You are not alone however. Even resorts that DRI or their predecessor Sunterra have long managed also often see big jumps in annual fees. It is partially due to more realistic reserve funding ( a good thing) but often also seems to reflect high costs of management from DRI (not so good IMO). It is a decidedly mixed bag and you have to decide for yourself if it is a value to you or not. So far it is to us & we stick with DRI but we are only voluntary Club members that can drop out any time by not paying the annual fee with virtually no loss of investment. Our actual week is a deeded one at an affiliated resort and that is the ONLY way we would own any DRI. We would not ever give up our deed or become a trust owner as that takes away our specifics rights to vote at ou resort & have control over the fees there. it is a rather complicated system when you look at it from the outside and isn't all that easy if to grasp if you're in it. And resale is made purposely confusing when it comes to DRI Club & what you can and cannot transfer. 

Best advice - figure out if the fee/value is good for you or not & take the needed steps from there.


----------



## dougp26364 (Nov 18, 2012)

Once the fee's equal the amount necessary to maintain the quality DRI demands of the resorts under it's flag, the fee's will level out. The MF's for our Polo Towers units increased a modest 2.9% for our Villa's week and a more typical 4.8% for our Suite's week. Typically, I've budgeted for 5% increases across the board with all of the timeshares we own (Marriott, HGVC, DRI, Southwind and Grand Lodge). For the most part I haven't been very disappointed. Some go up more than 5% and others less than 5% but, on average, budgeting for a 5% increase has worked out reasonably well for us. In the event you're wondering where things will level out, we pay in the neighborhood of $1,200 for our 2 bedroom Polo Towers units.


----------



## nightnurse613 (Nov 18, 2012)

Additionally, there is nothing that requires you to pay the ARDA fee.  Just pay your MF without the $5. If the $5 shows up as past due - DRI will eventually delete it (or you may have to call)-we have had both scenarios.


----------



## marg2 (Nov 18, 2012)

Thanks for your replies, *timeo2*,  *dougp* and *nightnurse*.

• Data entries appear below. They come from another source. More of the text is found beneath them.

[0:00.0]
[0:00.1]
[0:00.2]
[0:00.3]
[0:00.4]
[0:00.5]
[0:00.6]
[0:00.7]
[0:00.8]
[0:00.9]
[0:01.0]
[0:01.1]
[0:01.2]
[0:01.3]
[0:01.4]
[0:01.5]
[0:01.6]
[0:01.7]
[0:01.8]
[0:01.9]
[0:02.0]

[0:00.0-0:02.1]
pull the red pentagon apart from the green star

Right now it's hard to put a value on having a timeshare to go to in Sedona. It's such a beautiful place, and I love Los Abrigados, so I guess I'll just see how things go over the next few years.

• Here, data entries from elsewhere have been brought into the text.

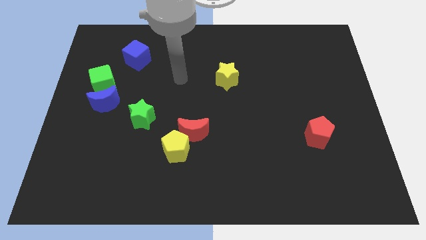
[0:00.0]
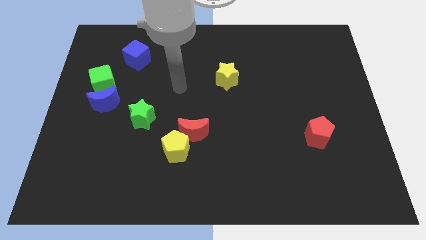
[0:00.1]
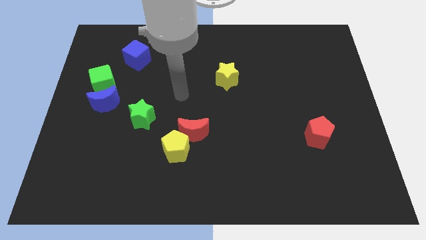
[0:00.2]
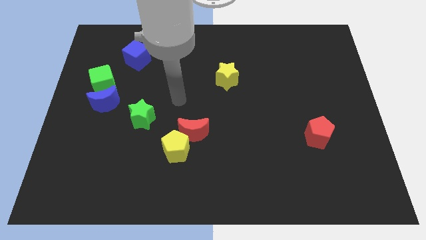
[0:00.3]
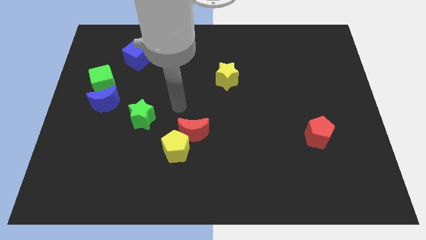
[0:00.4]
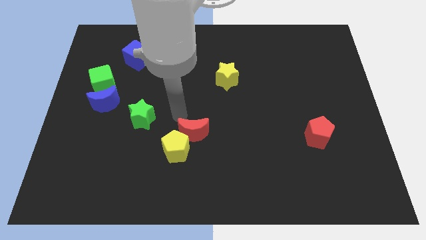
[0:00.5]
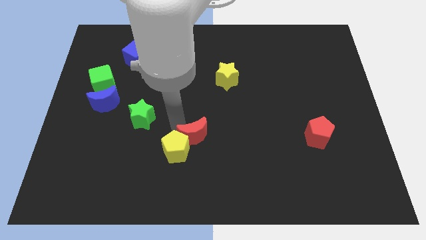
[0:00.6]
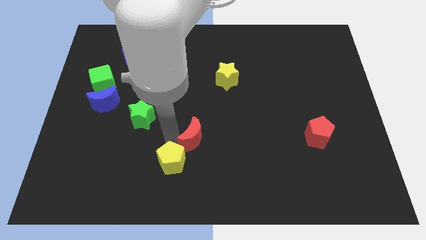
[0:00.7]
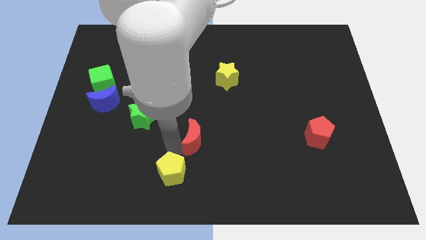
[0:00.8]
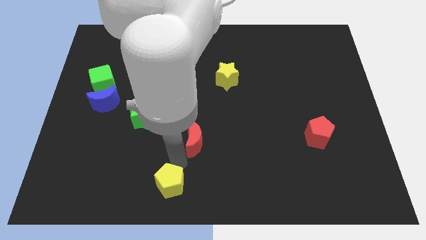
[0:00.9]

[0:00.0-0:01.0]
move the red moon away from the yellow pentagon

I also own a deeded week, and am trying to get a grasp of this point system.

So, right now, if the fees stabilizes in 2014 a bit, I'll be paying the equivalent of $1100 for one week's use, every odd year, for a 1 bedroom. Sounds like you have a better deal, doug, for your 2 bedroom Polo Towers. 

I haven't paid the $5 fee yet, but it's a nuisance to deal with it every year.


----------



## Rent_Share (Nov 18, 2012)

marg2 said:


> Thanks for your replies, *timeo2*, *dougp* and *nightnurse*.
> 
> 
> I also own a deeded week, and am trying to get a grasp of this point system.
> ...


 
If you think your dues are hign now just wait till they add club fees if you buy into points the club


----------



## marg2 (Nov 18, 2012)

Rent_Share said:


> If you think your dues are hign now just wait till they add club fees if you buy into points



I didn't have a choice. I got switched over to their point system when DRI took over from ILX. I opted out of their "Club", though, which would have raised my annual fees more. The points I get, though, are less than what they say my unit is worth. But I'm grandfathered in and am promised access to that unit with the points I get....subject to availability, of course....


----------



## Rent_Share (Nov 18, 2012)

Sorry I meant to say Club


----------



## nightnurse613 (Nov 18, 2012)

I am not sure what you got yourself into however, $1100 for a one bedroom seems exceedingly high I own a few units in Sedona.  This must include your resort fees and DRI Club Fees or ???   Right now you can rent a Jerome unit (TUG BBS) for $850 and you won't have recurring yearly MF or even a unit at Arroyo Robles (2/2) for $1050. Did you say you had a fixed week (EOY)?  Unless it's a great week it's not going to be worth $1100 for a one bedroom unit...just sayin    Based on my experience, Los Abrigados is due for some significant upgrades but should be special assessments, not boost in MF cuz MF never go down (at least special assessments do). And DRI is not afraid to ask for them (Ask an owner from Poipui)-although maybe now they are a little skittish after that fiasco. We had a similar water intrusion problem at The Ridge-DRI seemed to handle that pretty well and without a special assessment....


----------



## fluke (Nov 18, 2012)

I suspect there is some sort of collection fee superimposed on the MFs as I believe this is a trust/points product( just like the fixed $205 US collection fee). These fixed fees really hurt small points owners.   Can anyone shed more light on the Premier vacation collectionstructure?


----------



## marg2 (Nov 18, 2012)

fluke said:


> I suspect there is some sort of collection fee superimposed on the MFs as I believe this is a trust/points product( just like the fixed $205 US collection fee). These fixed fees really hurt small points owners.   Can anyone shed more light on the Premier vacation collectionstructure?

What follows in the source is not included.